PROVIDED ENTRIES below:

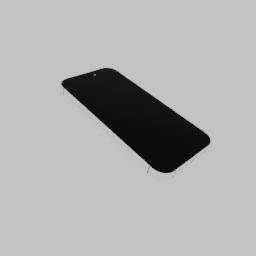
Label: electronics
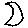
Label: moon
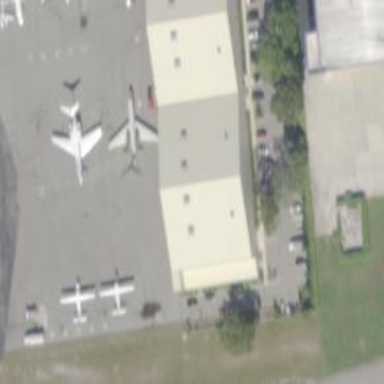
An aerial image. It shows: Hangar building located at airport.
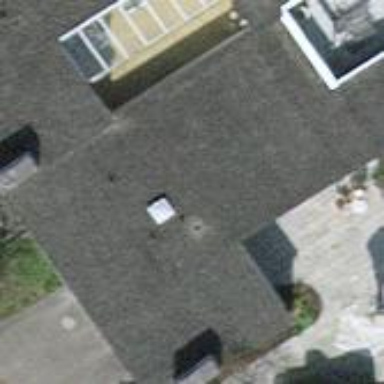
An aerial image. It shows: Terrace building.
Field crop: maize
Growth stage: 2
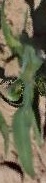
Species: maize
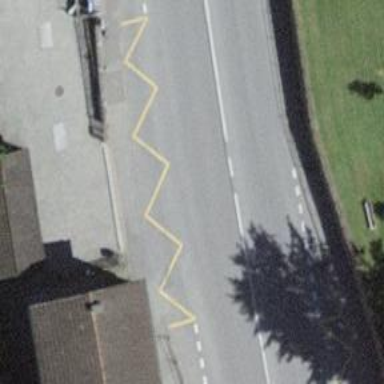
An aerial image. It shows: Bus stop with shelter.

End of PROVIDED ENTRIES.

**WHAT YOU HAVE TO DO:** Restate verbatim the lines that begin at the one holding "An aerial image. It shows: Hangar" and end at the last line of the material. Exclude pictures.

**SOLVED PROBLEM:**
An aerial image. It shows: Hangar building located at airport.
An aerial image. It shows: Terrace building.
Field crop: maize
Growth stage: 2
Species: maize
An aerial image. It shows: Bus stop with shelter.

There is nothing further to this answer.